→ Work task
Set down a faithful copy of every record, and skip the pictures in it.

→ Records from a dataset
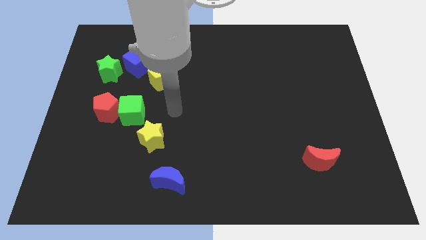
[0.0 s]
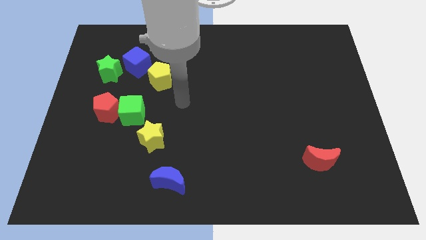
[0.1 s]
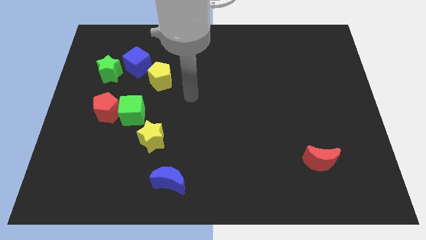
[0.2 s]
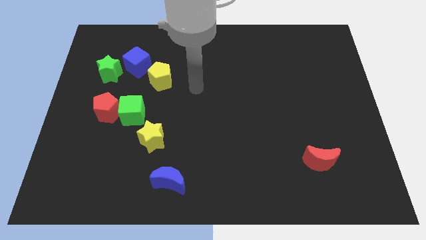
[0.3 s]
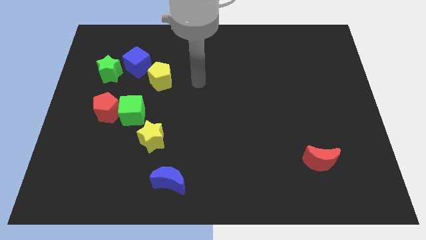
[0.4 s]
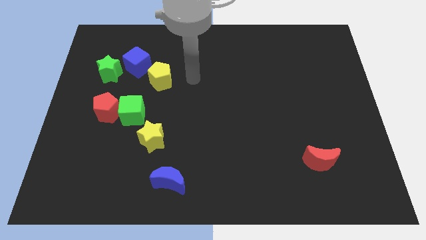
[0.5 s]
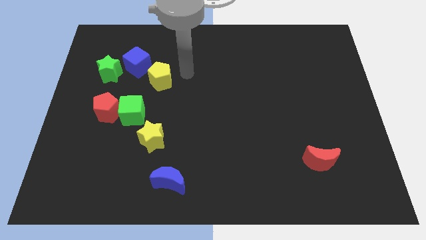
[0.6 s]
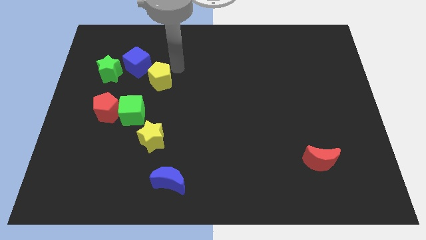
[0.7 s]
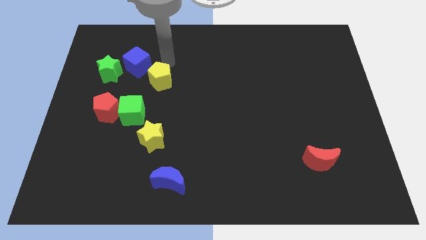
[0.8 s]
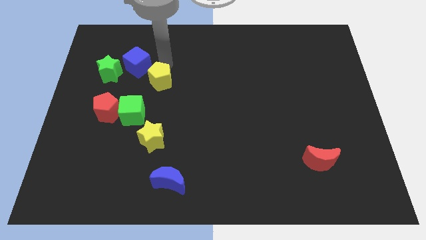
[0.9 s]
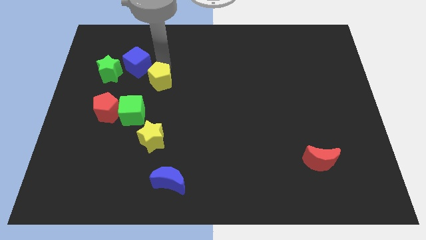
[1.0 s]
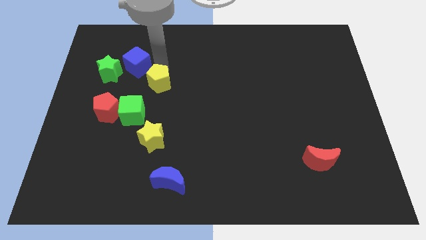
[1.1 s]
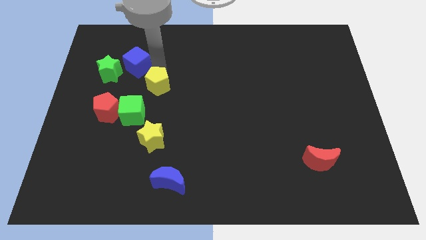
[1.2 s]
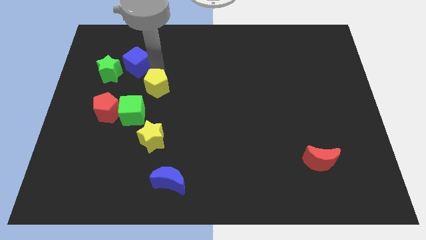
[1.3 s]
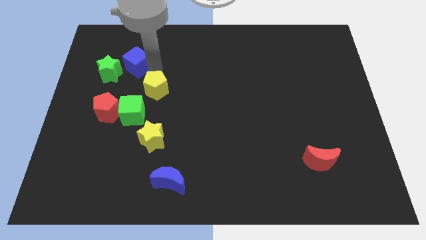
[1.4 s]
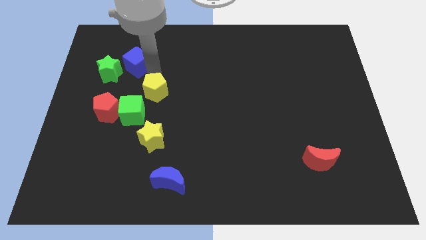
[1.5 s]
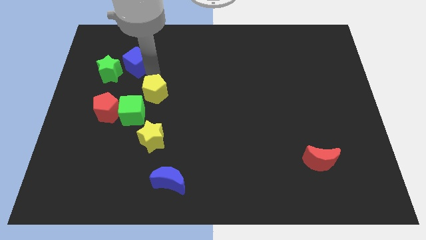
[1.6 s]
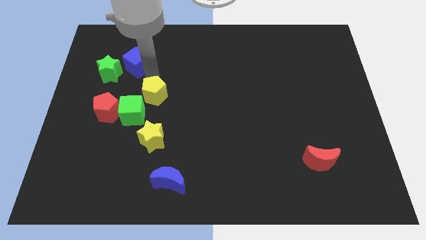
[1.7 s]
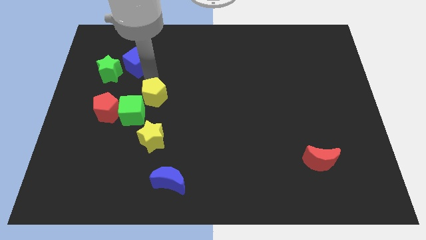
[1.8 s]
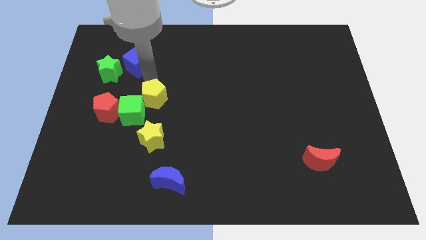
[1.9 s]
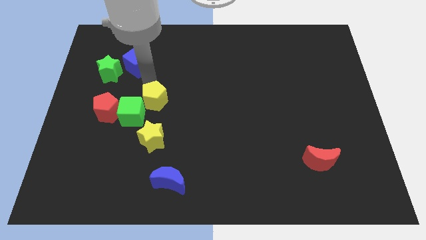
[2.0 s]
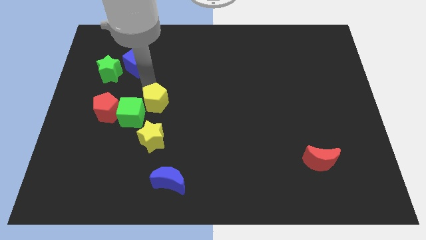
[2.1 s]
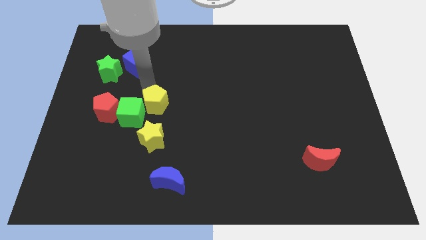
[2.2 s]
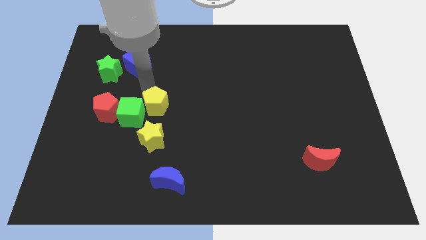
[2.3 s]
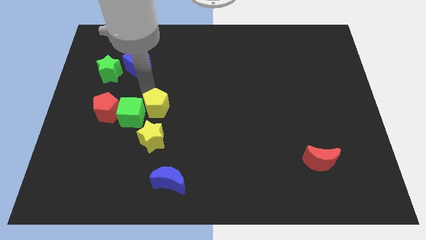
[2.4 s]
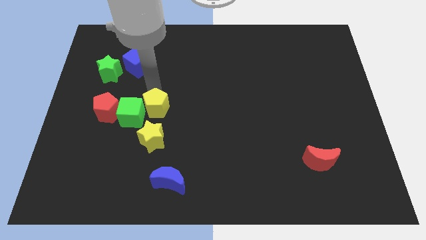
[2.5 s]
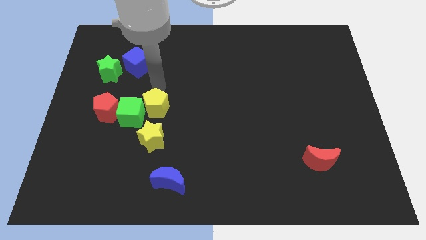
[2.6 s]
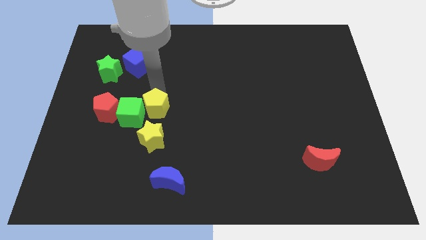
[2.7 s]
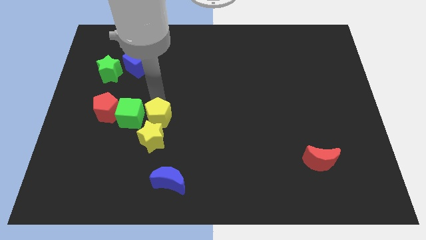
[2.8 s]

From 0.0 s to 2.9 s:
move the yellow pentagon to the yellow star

→ Expected output
[0.0 s]
[0.1 s]
[0.2 s]
[0.3 s]
[0.4 s]
[0.5 s]
[0.6 s]
[0.7 s]
[0.8 s]
[0.9 s]
[1.0 s]
[1.1 s]
[1.2 s]
[1.3 s]
[1.4 s]
[1.5 s]
[1.6 s]
[1.7 s]
[1.8 s]
[1.9 s]
[2.0 s]
[2.1 s]
[2.2 s]
[2.3 s]
[2.4 s]
[2.5 s]
[2.6 s]
[2.7 s]
[2.8 s]

From 0.0 s to 2.9 s:
move the yellow pentagon to the yellow star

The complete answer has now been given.